A serial ram raider has been jailed for demolishing a Co-op shop in a bungled attempt to steal its cash machine.
Career criminal Dylan Taylor was sentenced to seven-and-a-half years in his absence after breaking an electronically monitored curfew, jumping bail, and fleeing to Thailand.
His attack on the Co-op shop at the Trago Mills complex at Newton Abbot did £140,000 damage when he drove a Mitsubishi Shogun through the front window so violently that he brought the roof crashing around his ears.
Serial ram raider Taylor was caught because he made a series of errors before fleeing empty-handed. He left the Shogun buried in the rubble and cut himself as he tried to smash open the cash box, leaving his blood on it.
Police had no trouble identifying him from his DNA because he has three previous convictions for ram raiding and had only been out of prison for two weeks.
He had bought the Mitsubishi for £895 cash just hours before the raid and was identified by the seller.
Taylor, aged 43, of Lichfield Avenue, Torquay, denied but was found guilty of burglary and jailed for seven years and six months by Recorder Hannah Willcocks at Exeter Crown Court.
She issued a warrant for his arrest after being told that he went missing on Wednesday and his phone has been traced to Thailand.
She said: ‘The photographs show the devastation to the building. The ceiling collapsed and it was effectively destroyed with £100,000 damage and £40,000 loss of business while it was repaired.

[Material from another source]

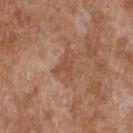No biopsy was performed on this lesion — it was imaged during a full skin examination and was not determined to be concerning. A 15 mm crop from a total-body photograph taken for skin-cancer surveillance. Located on the upper back. The patient is a male aged 43 to 47.

‘There was clearly great harm and economic loss. This was a highly planned, premeditated and professionally executed burglary by a professional and repeat ram raid burglar.’
A trial in May heard how Taylor was the only one of four intruders to be caught and was traced by his DNA. He had only just been released from a four-and-a-half-year sentence for an identical ram raid at the Bridgetown Post Office in Totnes on Christmas Day 2012.
Mr Charles Cochand, defending, apologised for his client having jumped bail. He said Taylor committed the ram raid at a time when he was in emotional turmoil because of the death of his father.
He said the other three people who took part in the raid had not been caught, the public had not been put at danger, and nobody had been hurt in the raid.